» **WHAT YOU NEED TO DO**: Every record is to be printed exactly as written; pictures are to be omitted.

» **Entries taken from a collection**:
=== Begin Enclosure ===
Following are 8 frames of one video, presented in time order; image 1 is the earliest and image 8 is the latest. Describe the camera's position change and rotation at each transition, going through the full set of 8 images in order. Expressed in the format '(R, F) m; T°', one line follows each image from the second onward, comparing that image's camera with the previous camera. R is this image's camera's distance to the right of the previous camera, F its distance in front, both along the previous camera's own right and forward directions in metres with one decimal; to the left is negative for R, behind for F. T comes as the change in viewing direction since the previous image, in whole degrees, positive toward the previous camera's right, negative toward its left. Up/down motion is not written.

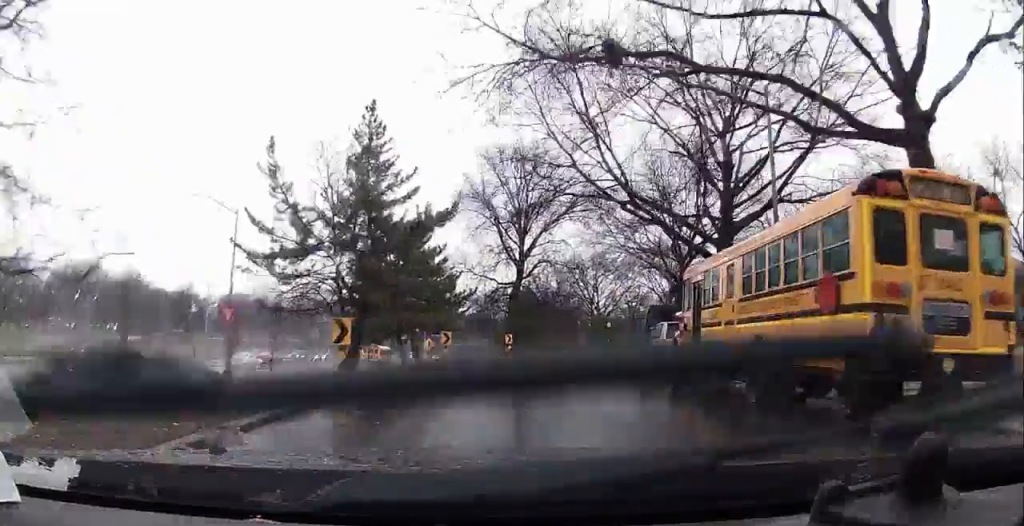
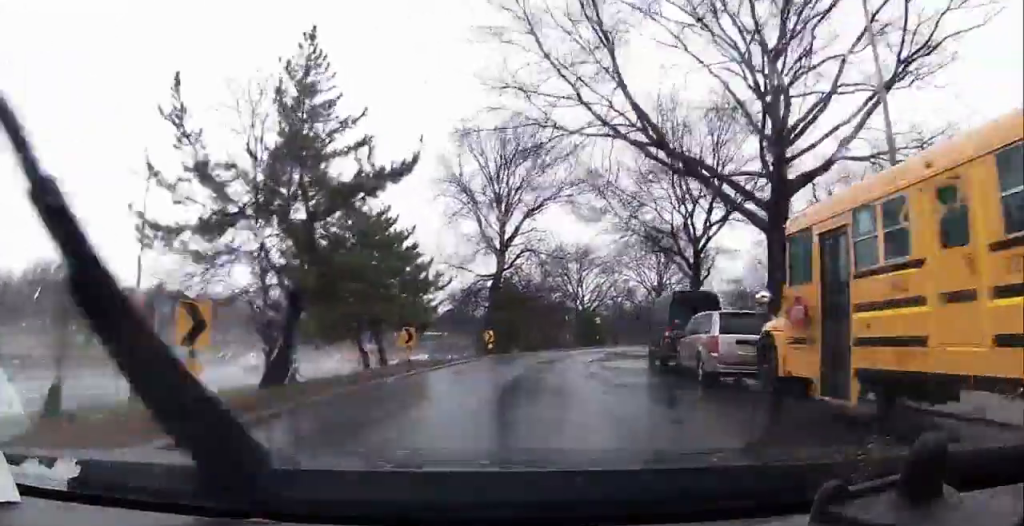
(0.0, +6.7) m; +2°
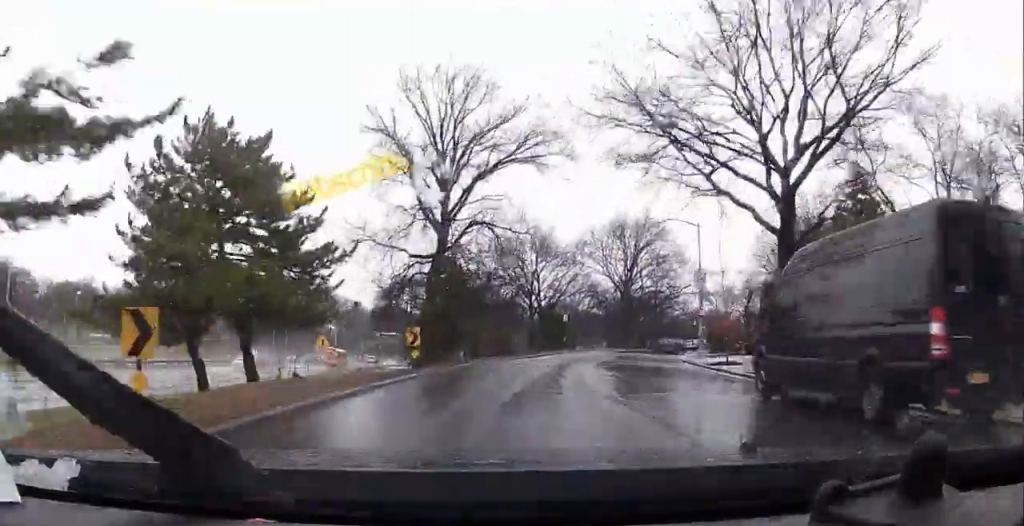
(+1.4, +15.3) m; +11°
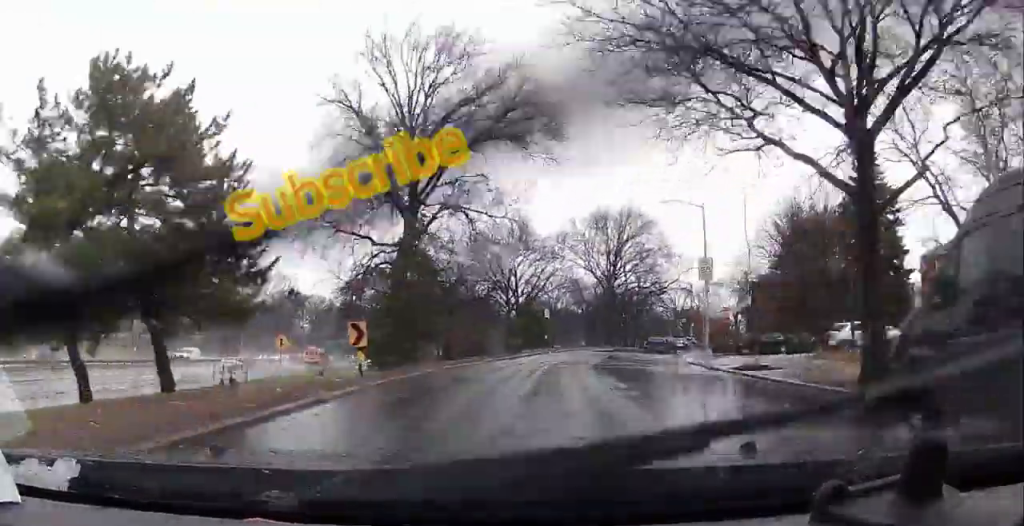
(+0.3, +5.6) m; +3°
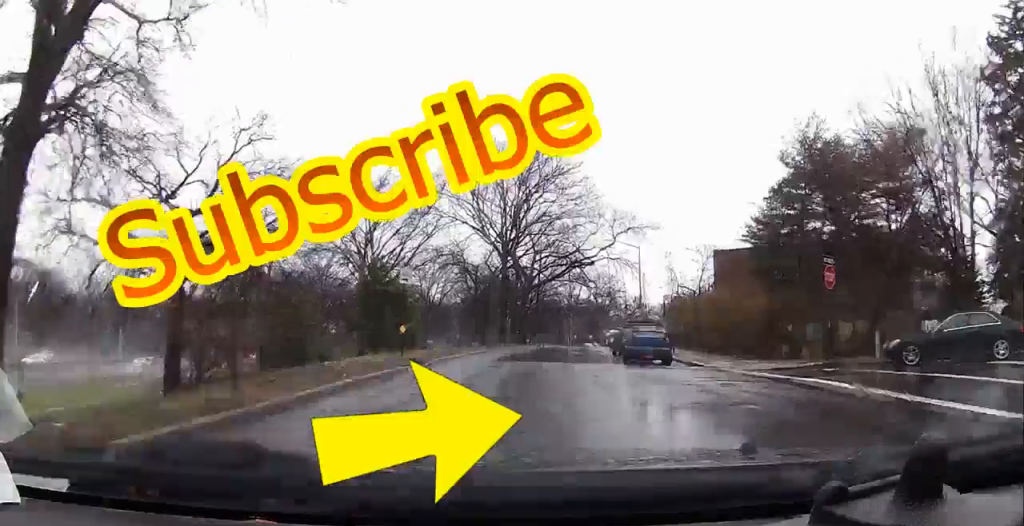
(+0.8, +29.9) m; +6°
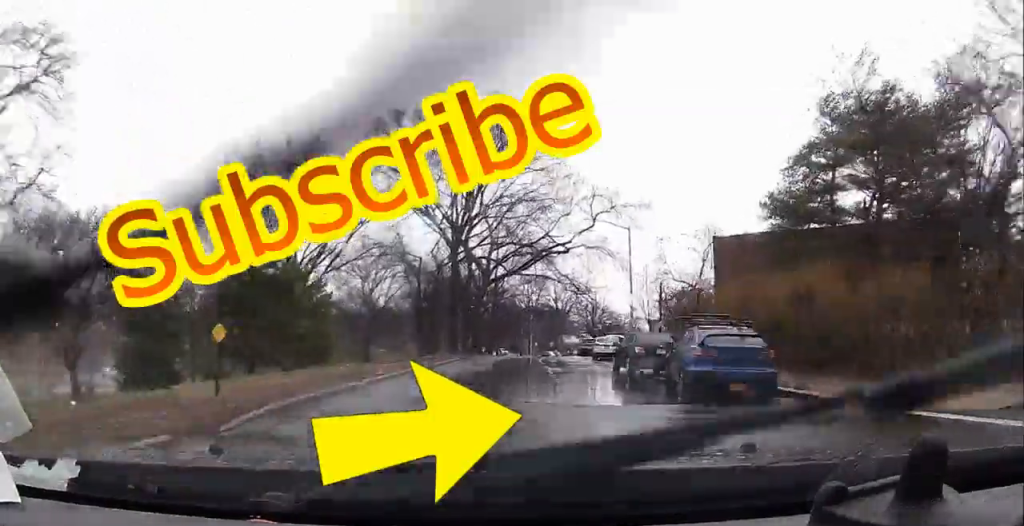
(+0.5, +12.9) m; +5°
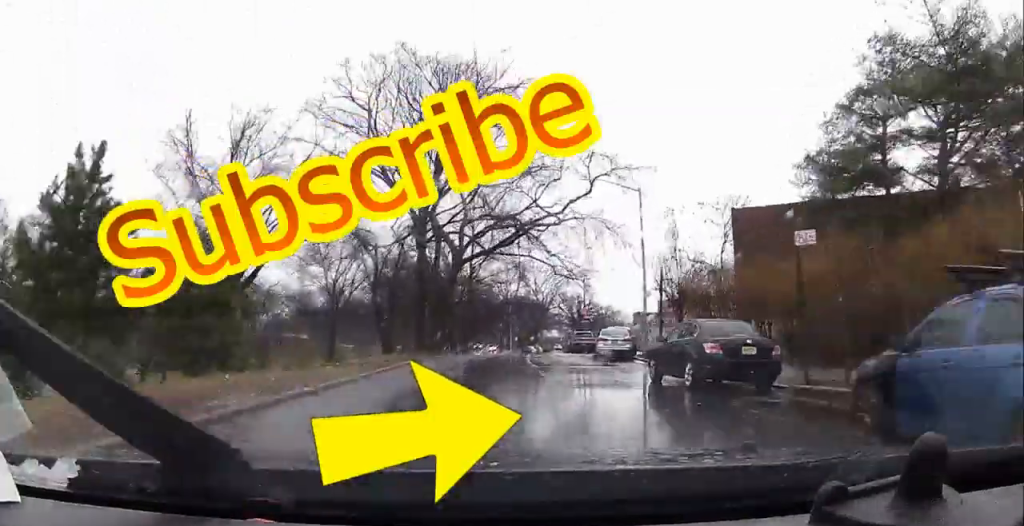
(+0.4, +9.4) m; +3°
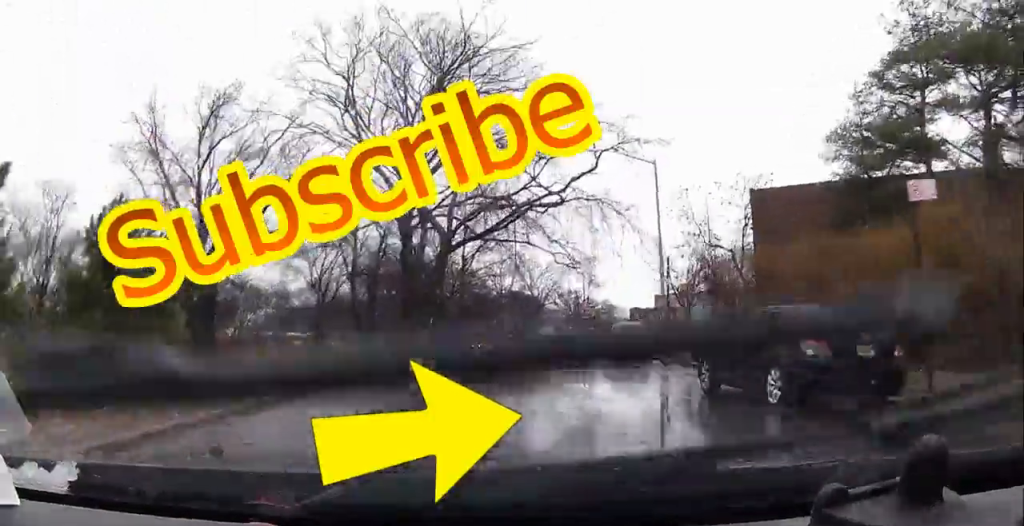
(+0.1, +4.5) m; 0°
=== End Enclosure ===
» **SOLUTION**:
Following are 8 frames of one video, presented in time order; image 1 is the earliest and image 8 is the latest. Describe the camera's position change and rotation at each transition, going through the full set of 8 images in order. Expressed in the format '(R, F) m; T°', one line follows each image from the second onward, comparing that image's camera with the previous camera. R is this image's camera's distance to the right of the previous camera, F its distance in front, both along the previous camera's own right and forward directions in metres with one decimal; to the left is negative for R, behind for F. T comes as the change in viewing direction since the previous image, in whole degrees, positive toward the previous camera's right, negative toward its left. Up/down motion is not written.

(0.0, +6.7) m; +2°
(+1.4, +15.3) m; +11°
(+0.3, +5.6) m; +3°
(+0.8, +29.9) m; +6°
(+0.5, +12.9) m; +5°
(+0.4, +9.4) m; +3°
(+0.1, +4.5) m; 0°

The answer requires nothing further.